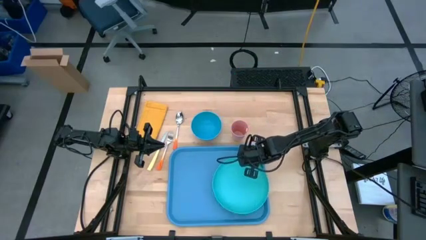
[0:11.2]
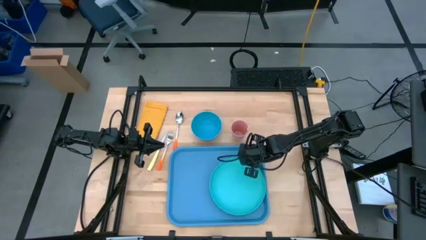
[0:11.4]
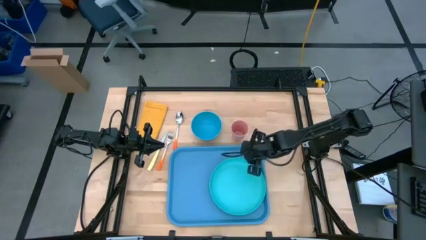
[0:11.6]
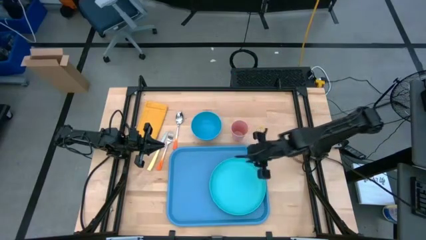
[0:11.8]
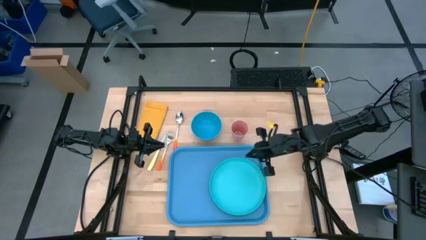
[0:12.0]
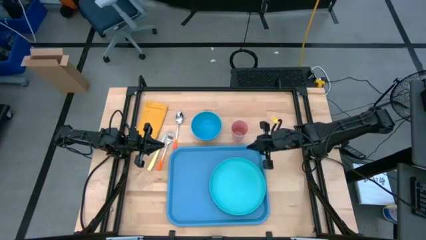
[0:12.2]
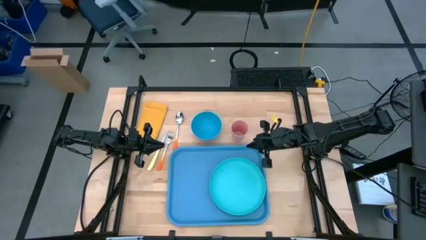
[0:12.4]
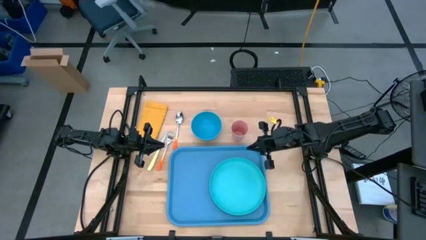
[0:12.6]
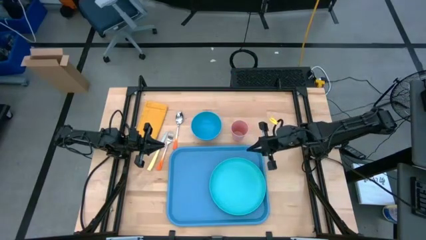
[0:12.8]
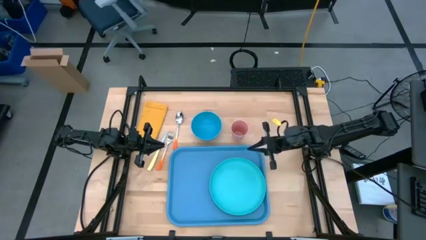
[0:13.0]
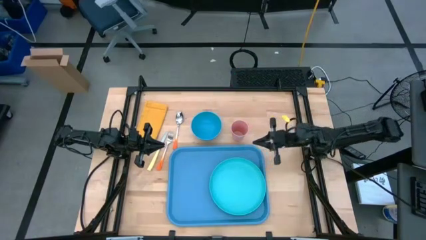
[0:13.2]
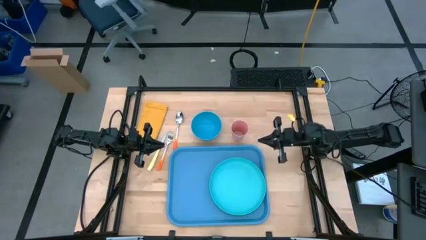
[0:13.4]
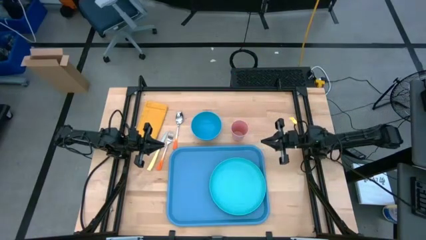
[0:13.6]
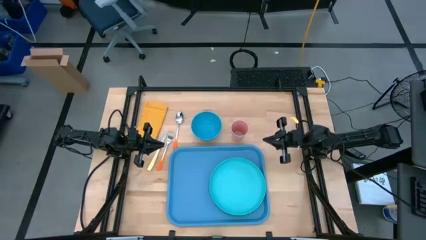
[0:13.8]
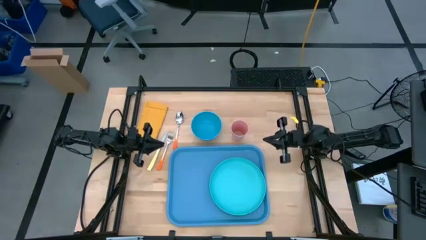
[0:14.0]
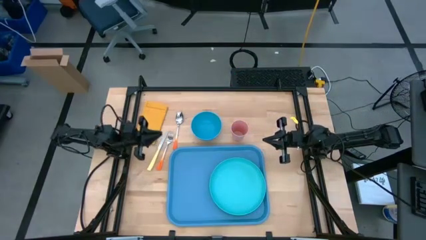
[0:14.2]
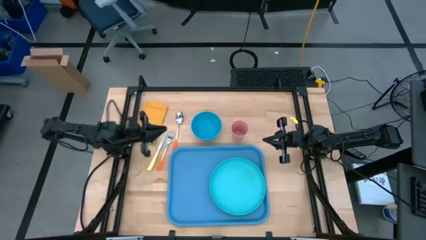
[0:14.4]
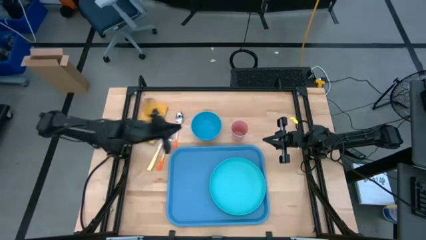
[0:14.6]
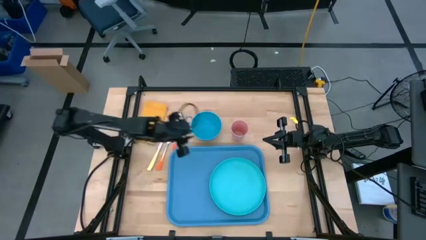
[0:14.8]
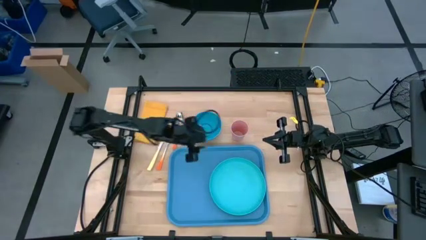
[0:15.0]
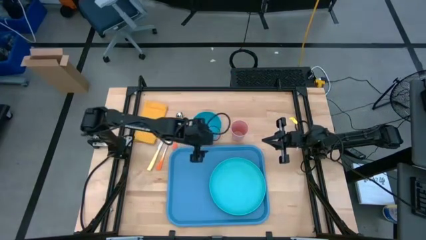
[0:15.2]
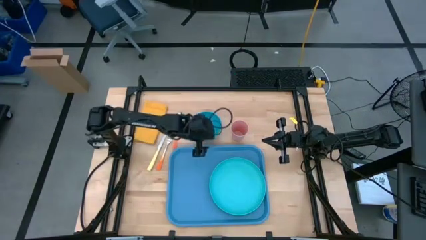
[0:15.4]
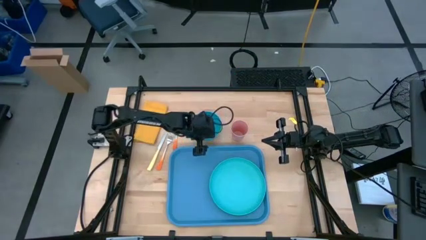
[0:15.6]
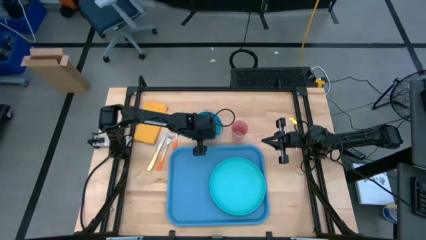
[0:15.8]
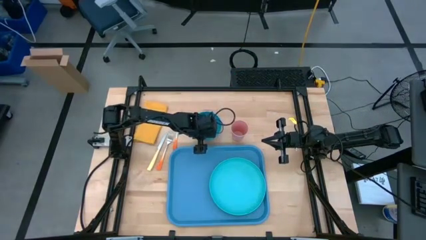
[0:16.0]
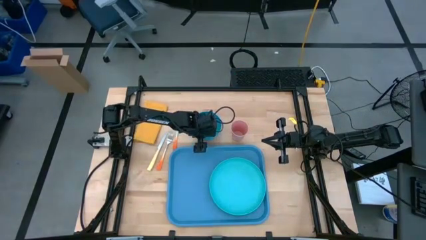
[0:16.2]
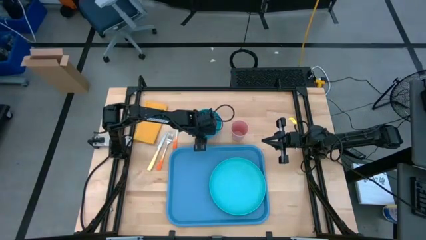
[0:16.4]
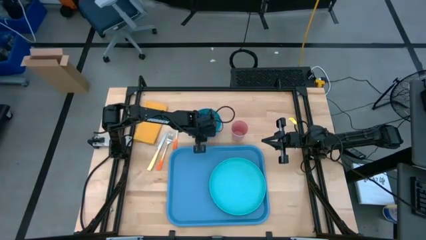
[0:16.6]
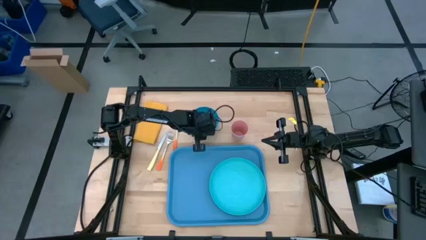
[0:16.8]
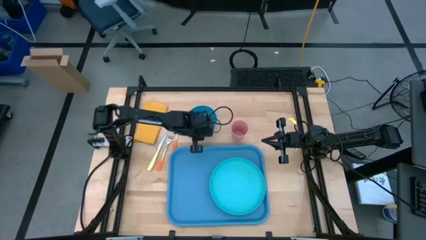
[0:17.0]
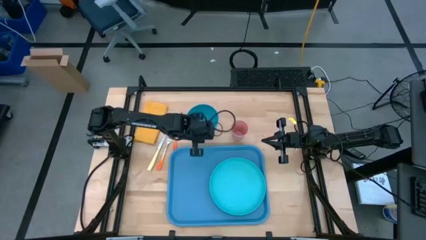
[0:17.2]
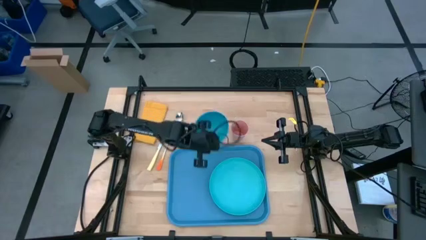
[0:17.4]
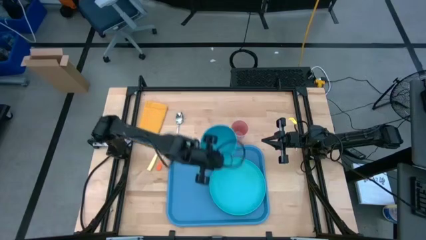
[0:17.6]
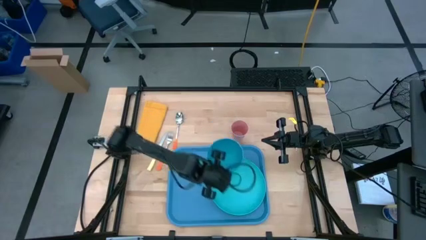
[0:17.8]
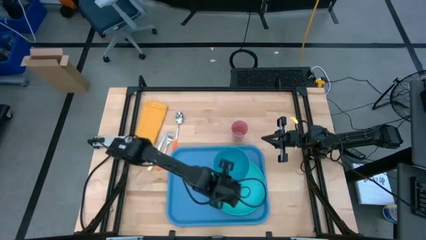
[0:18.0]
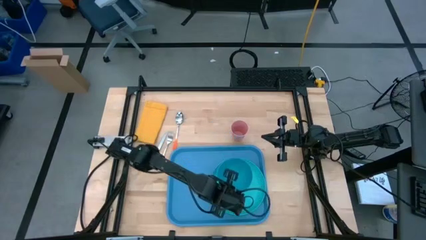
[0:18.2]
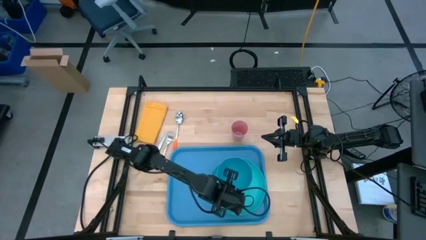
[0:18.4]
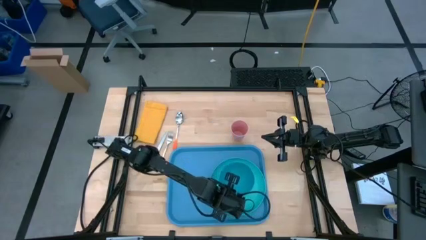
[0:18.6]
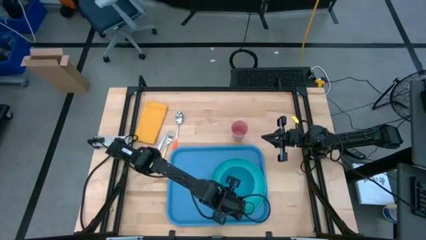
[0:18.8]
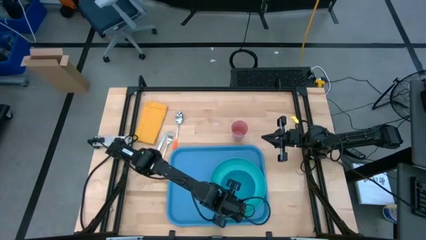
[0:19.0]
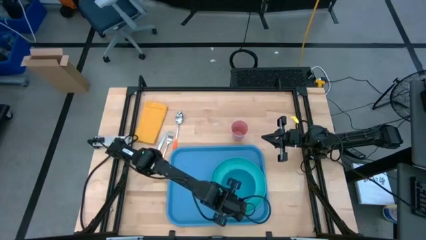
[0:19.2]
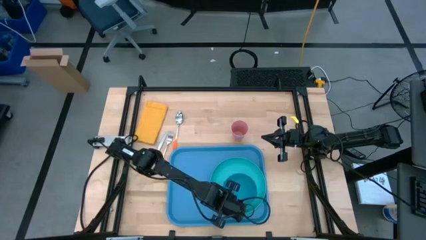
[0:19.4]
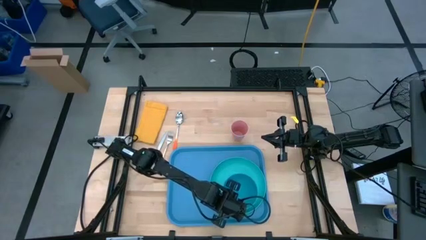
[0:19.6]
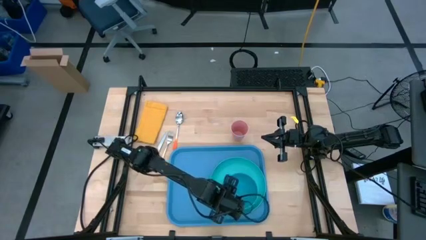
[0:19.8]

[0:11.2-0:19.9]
Task: Set up tray
Put the blue bowl on top of the light blue plate on the blue serving tray

● ● ● ●

• [Try it] Would you write out all of the data exactly as it stands, without the pictures?

• [Task output]
[0:11.2]
[0:11.4]
[0:11.6]
[0:11.8]
[0:12.0]
[0:12.2]
[0:12.4]
[0:12.6]
[0:12.8]
[0:13.0]
[0:13.2]
[0:13.4]
[0:13.6]
[0:13.8]
[0:14.0]
[0:14.2]
[0:14.4]
[0:14.6]
[0:14.8]
[0:15.0]
[0:15.2]
[0:15.4]
[0:15.6]
[0:15.8]
[0:16.0]
[0:16.2]
[0:16.4]
[0:16.6]
[0:16.8]
[0:17.0]
[0:17.2]
[0:17.4]
[0:17.6]
[0:17.8]
[0:18.0]
[0:18.2]
[0:18.4]
[0:18.6]
[0:18.8]
[0:19.0]
[0:19.2]
[0:19.4]
[0:19.6]
[0:19.8]

[0:11.2-0:19.9]
Task: Set up tray
Put the blue bowl on top of the light blue plate on the blue serving tray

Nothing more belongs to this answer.